═════ Records shown

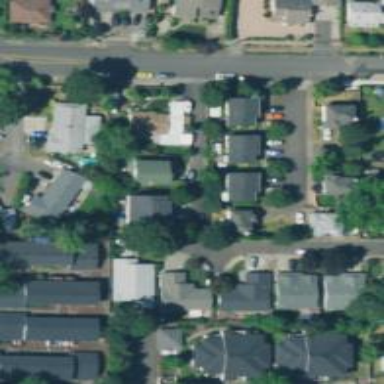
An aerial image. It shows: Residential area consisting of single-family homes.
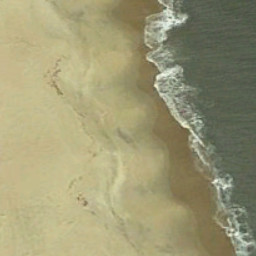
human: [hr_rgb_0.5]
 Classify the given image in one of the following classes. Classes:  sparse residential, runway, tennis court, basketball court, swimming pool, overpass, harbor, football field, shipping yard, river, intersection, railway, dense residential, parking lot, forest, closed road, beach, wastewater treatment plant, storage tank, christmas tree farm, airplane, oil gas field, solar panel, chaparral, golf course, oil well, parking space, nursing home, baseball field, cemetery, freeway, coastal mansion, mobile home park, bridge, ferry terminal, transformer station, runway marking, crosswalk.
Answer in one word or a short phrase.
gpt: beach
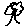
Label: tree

══════════
═════ Records shown

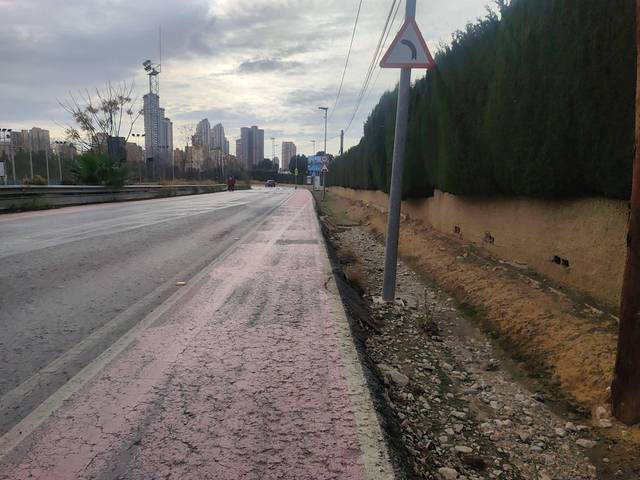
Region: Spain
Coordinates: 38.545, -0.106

══════════

> Description of the task: Copy each line above holding "image".

> Exercise solution:
An aerial image. It shows: Residential area consisting of single-family homes.
 Classify the given image in one of the following classes. Classes:  sparse residential, runway, tennis court, basketball court, swimming pool, overpass, harbor, football field, shipping yard, river, intersection, railway, dense residential, parking lot, forest, closed road, beach, wastewater treatment plant, storage tank, christmas tree farm, airplane, oil gas field, solar panel, chaparral, golf course, oil well, parking space, nursing home, baseball field, cemetery, freeway, coastal mansion, mobile home park, bridge, ferry terminal, transformer station, runway marking, crosswalk.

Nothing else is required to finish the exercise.